The other configuration paramter is the previously mentioned procedure that will be called, whenever there is a context in an utterance, that hasn't been seen before. We call this Tcl procedure "ptreeAddProc". We define it like this:

proc ptreeAddProc { ptree args } { 
     regexp {(.*)-([bme])} \$ptree dummy phone subphone 
     set dsName [lindex \$args 0]-\$subphone 
     set cbName "\$phone-\$subphone" 
     if { [dss index \$dsName] == -1 } { dss add \$dsName \$cbName } 
     return \$dsName 
}

See the Janus documentation for details about the argument list of this procedure. For here, it is enough to know that the first argument is the name of the PTree into which the new polyphone will be inserted and the first item of the args list is the context itself (a string containing comma-separated phonemes for both sides of the context, where the context -1 and +1 are separated by a pipe character).

So, the first thing that we are doing in the ptreeAddProc procedure is getting the name of the phone and the subphone segment out of the name of the ptree. Since we are going to name the ptrees that we attach to a node with the same name as the node, this will make it easy to decompose that name into phone and suphone unit.

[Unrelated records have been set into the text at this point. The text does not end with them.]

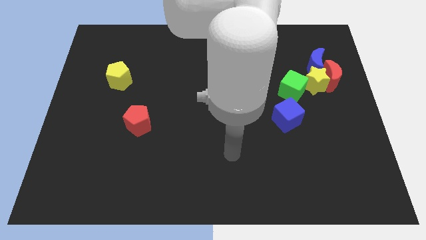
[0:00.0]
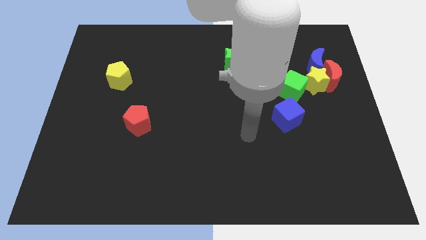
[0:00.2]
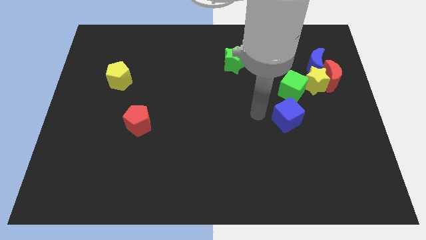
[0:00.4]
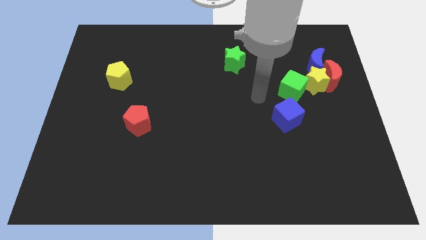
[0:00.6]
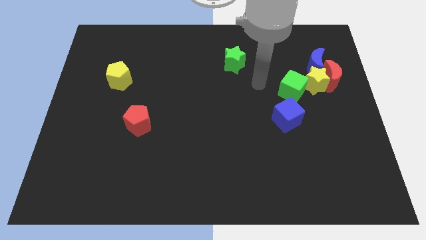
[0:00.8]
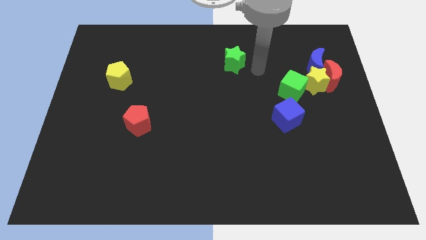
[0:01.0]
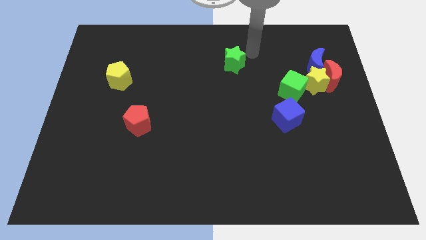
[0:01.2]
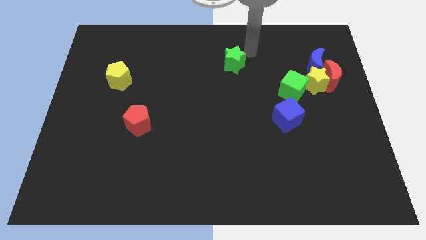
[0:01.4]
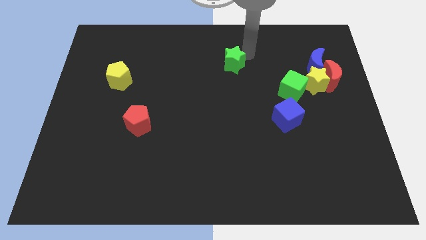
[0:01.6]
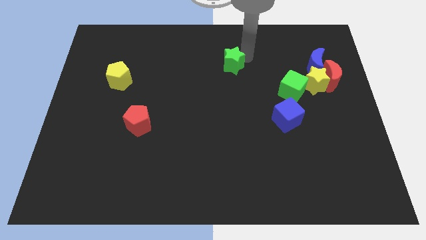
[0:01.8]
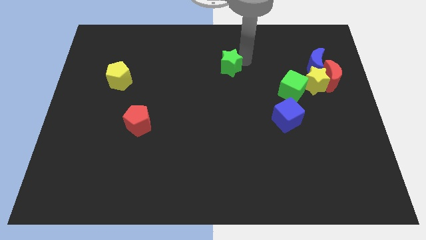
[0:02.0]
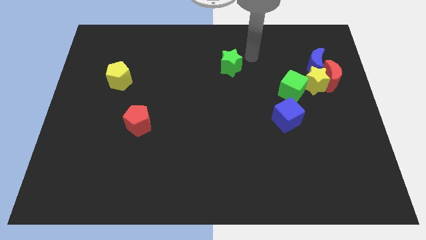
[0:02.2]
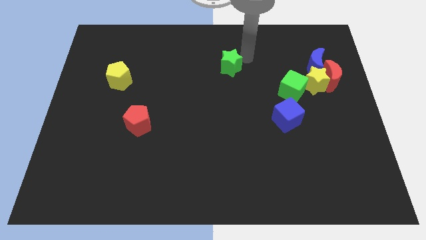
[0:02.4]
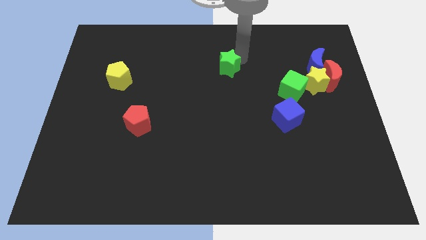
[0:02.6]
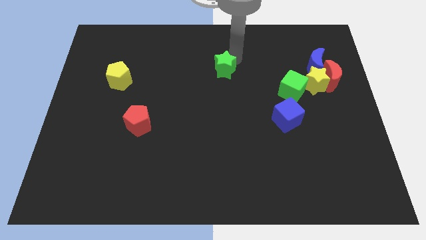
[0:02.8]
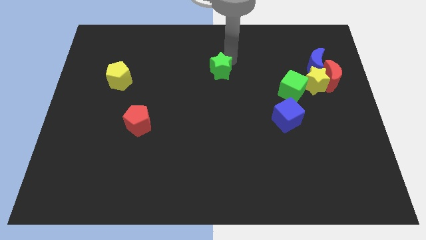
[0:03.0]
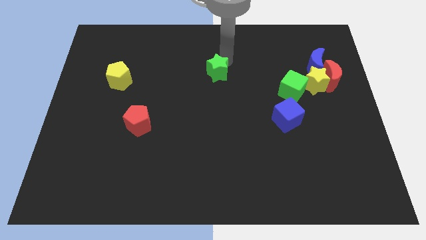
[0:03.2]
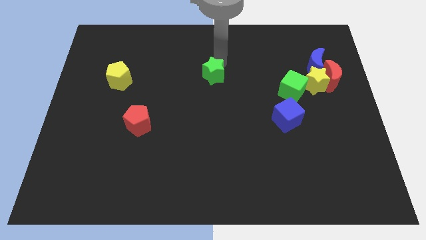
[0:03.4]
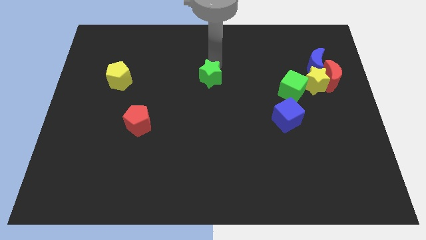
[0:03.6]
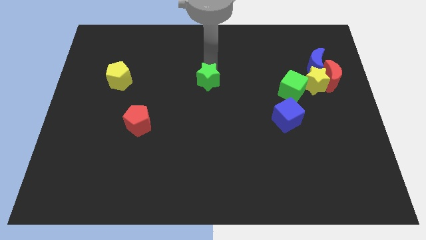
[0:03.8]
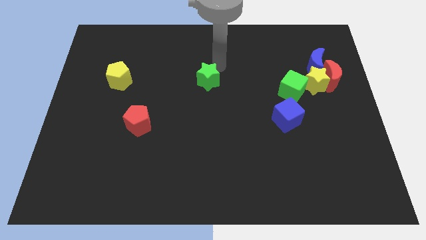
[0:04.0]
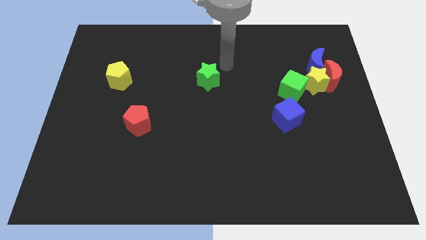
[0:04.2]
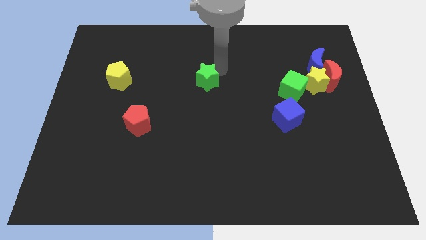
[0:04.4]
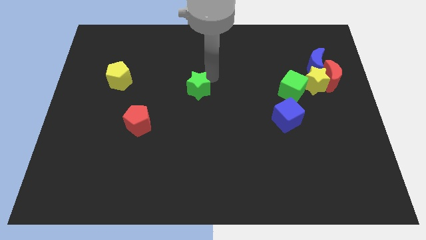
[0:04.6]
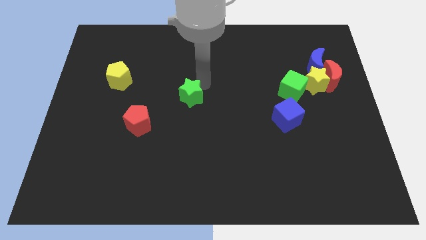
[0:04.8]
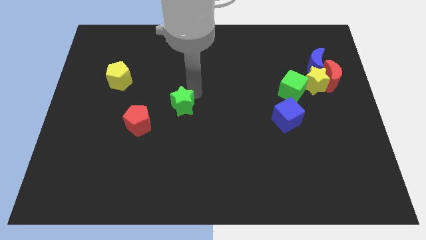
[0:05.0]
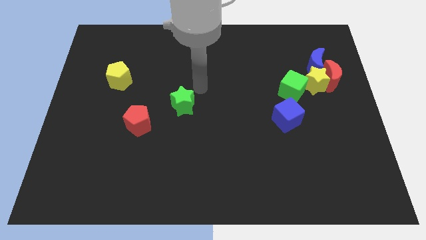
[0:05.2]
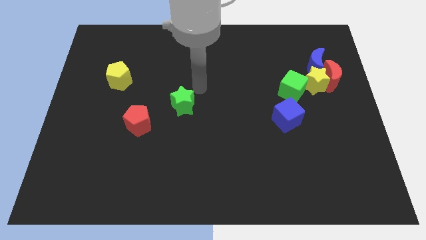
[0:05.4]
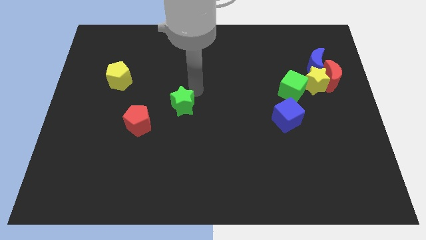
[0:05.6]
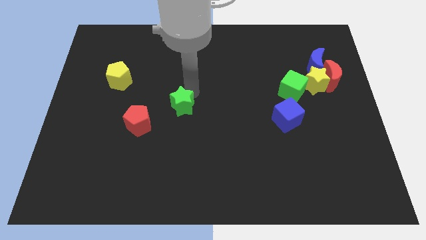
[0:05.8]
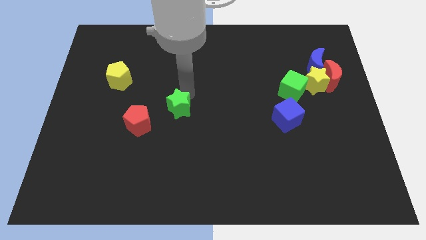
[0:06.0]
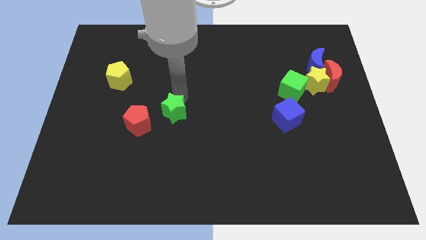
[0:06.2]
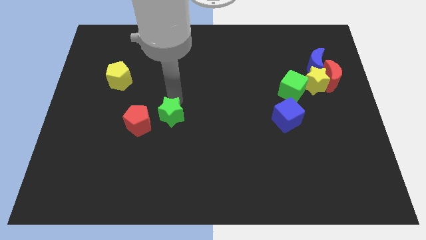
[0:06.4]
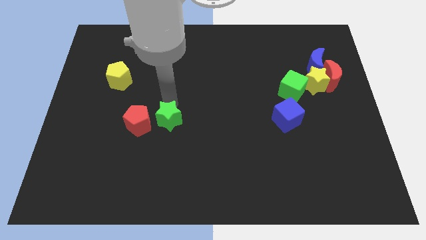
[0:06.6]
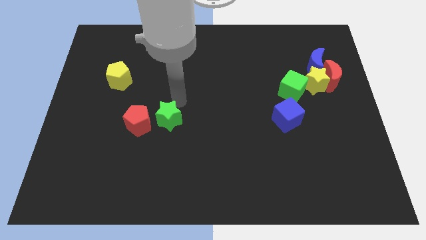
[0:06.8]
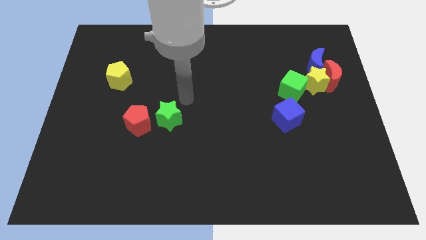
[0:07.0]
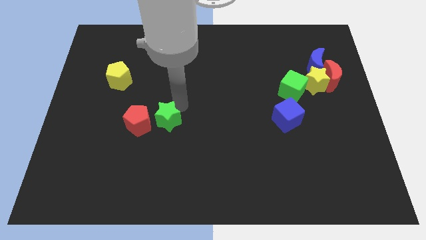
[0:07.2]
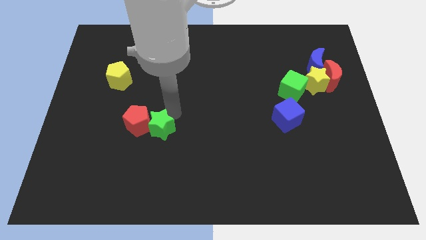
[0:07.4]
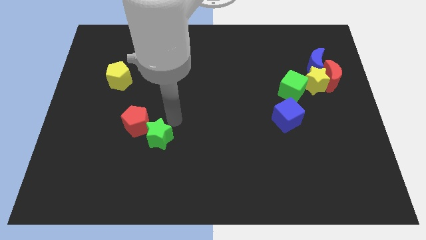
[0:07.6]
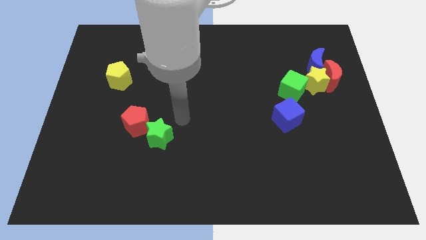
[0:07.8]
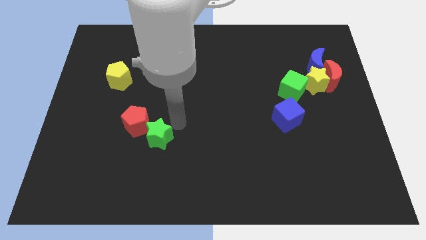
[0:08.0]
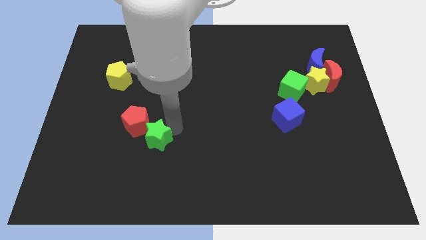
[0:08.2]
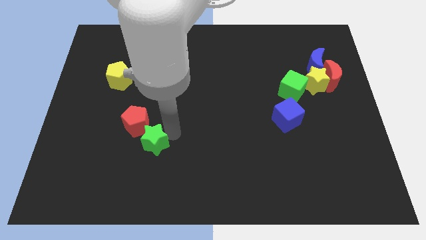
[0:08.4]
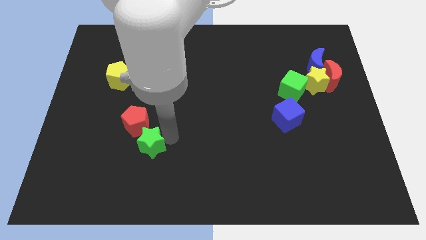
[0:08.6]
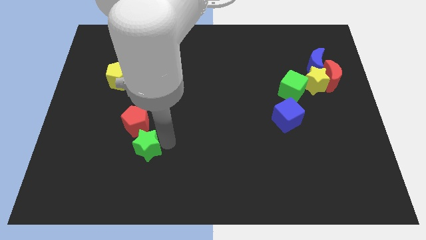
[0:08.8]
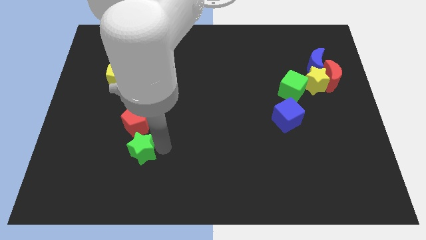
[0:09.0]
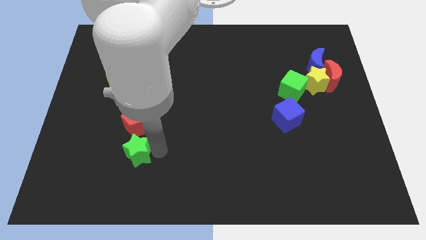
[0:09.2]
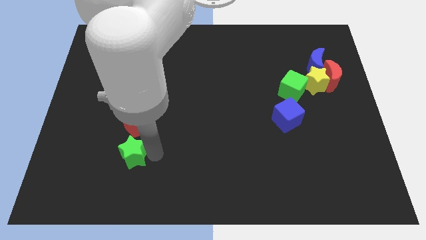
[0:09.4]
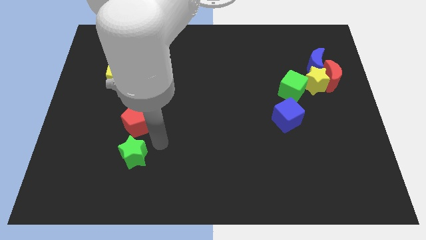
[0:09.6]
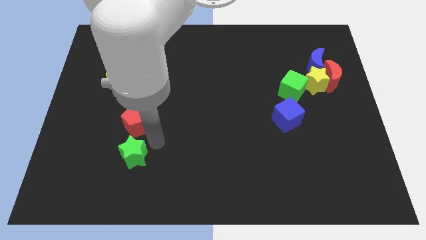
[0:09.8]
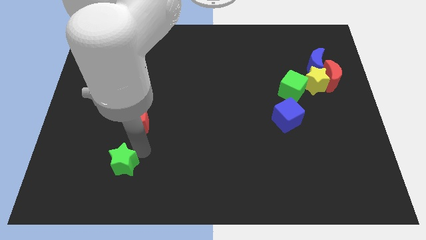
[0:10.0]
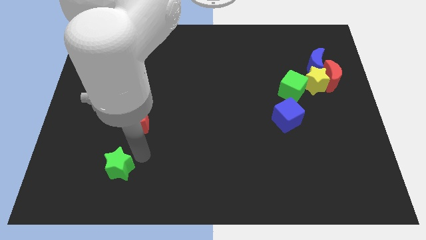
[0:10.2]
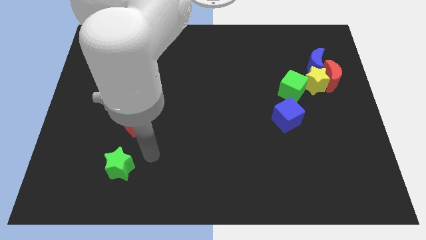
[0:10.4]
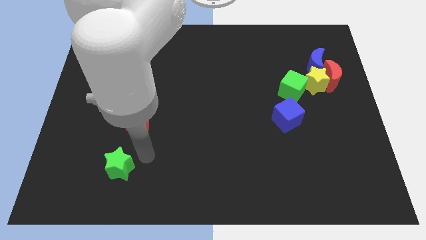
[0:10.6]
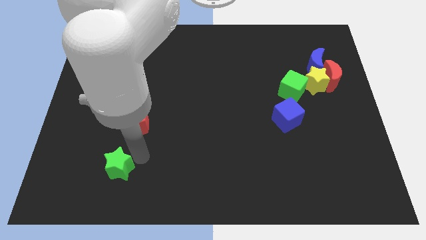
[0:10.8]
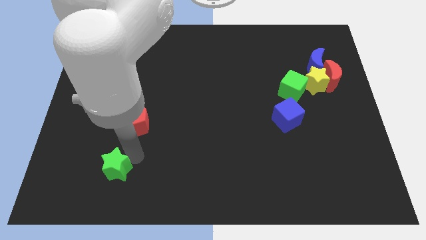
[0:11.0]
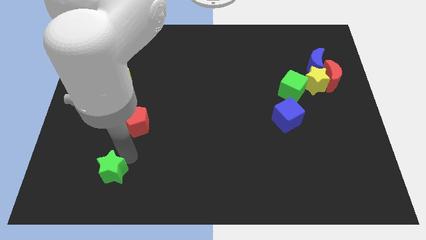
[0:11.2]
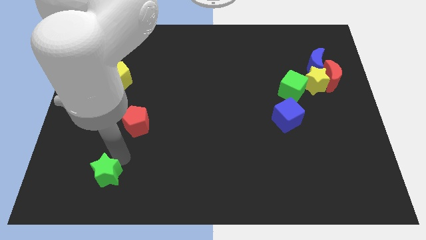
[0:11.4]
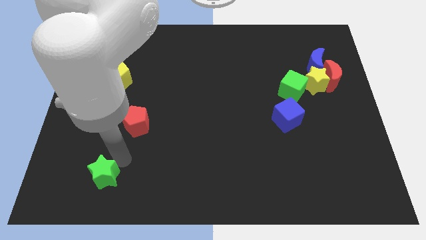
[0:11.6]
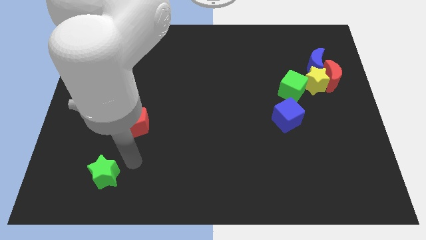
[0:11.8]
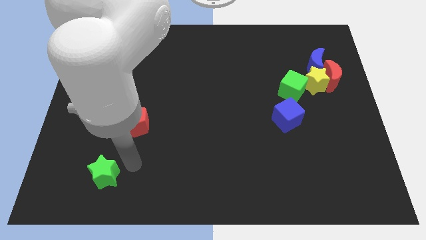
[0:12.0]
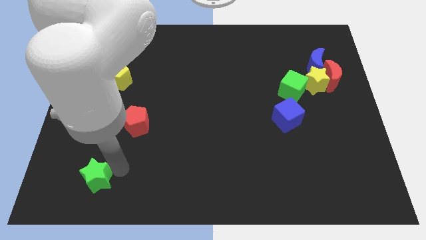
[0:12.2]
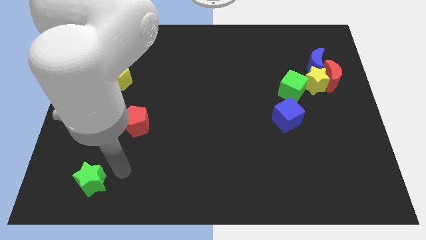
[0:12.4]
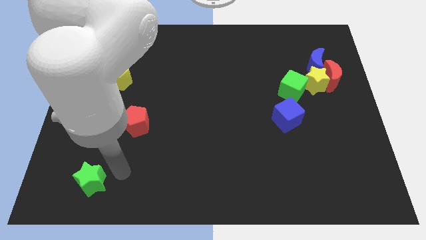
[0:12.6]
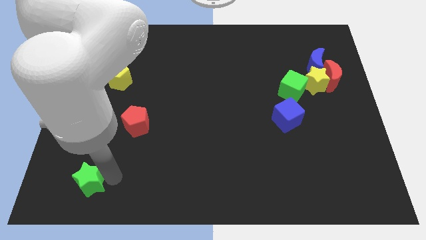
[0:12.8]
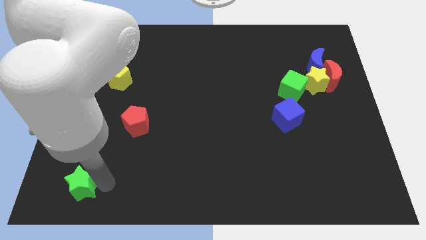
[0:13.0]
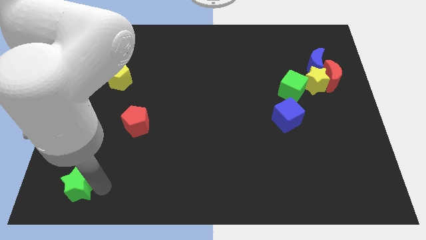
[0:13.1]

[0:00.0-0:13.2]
slide the green star to the bottom left of the board

Then we compose the name of a new distribution, which is the name of the context plus the subphone name, the corresponding codebook name is the same as the ptree name. Finally we add the new distribution to the distribution set (unless it already exists) and return the distribution index to the calling ptree.

Prepared with this procedure we can start attaching ptrees:

foreach ds [dss:] { 
        if { \$ds != "_-m" && \$ds != "+-m" } {
             set phone [string range \$ds 0 [expr [string first "-" \$ds] -1]] 
             dst.ptreeSet add \$ds \$phone 0 0 -count 1 
             dst:\$ds configure -ptree [dst.ptreeSet index \$ds]
        } 
}

For each distribution (except the silence and the garbage models, which we don't want to model context-dependently) we create a ptree with the same name \$ds, initialize it with the monophone context \$phone itentified with the two zeros, meaning that the context is going from 0 to 0, and give it the initial count of 1 (all polyphones are counted). Then we attach this newly created PTree to its distribution tree node by configuring the -ptree parameter of that node.

Now the only thing missing in the preparation for the polyphone collection is the configuration of the distribution tree. We have to tell it to use the pad phone that we've added before, and we have to tell it to make its ptrees add unseen polyphones:

dst configure -padPhone [ps:phones index pad] 
dst configure -ptreeAdd 1

Finally we have to loop over all of our data. Remember that it is the building of the utterance HMM that triggers the polyphone collection. We don't need anything else. We don't need any alignments. So the loop looks pretty simple:

foreach utt [db] { 
     puts \$utt 
     makeArray arr [db get \$utt] 
     hmm make \$arr(TEXT) -optWord SIL 
}

We should not forget so store the datastructures that we've just computed:

dss              write distribSet 
dst              write distribTree 
dst.ptreeSet write ptreeSet

Now have a look at the written files. Look at the distribution set file and see how many distribution we have now. You can also see the contexts in the distribution names. There are many phonemes that are tagged with the word-boundary tag, and all distributions use a maximum context width of +-1.

You are welcome to rerun the entire script, this time using a wider maximum context width. Compare the results.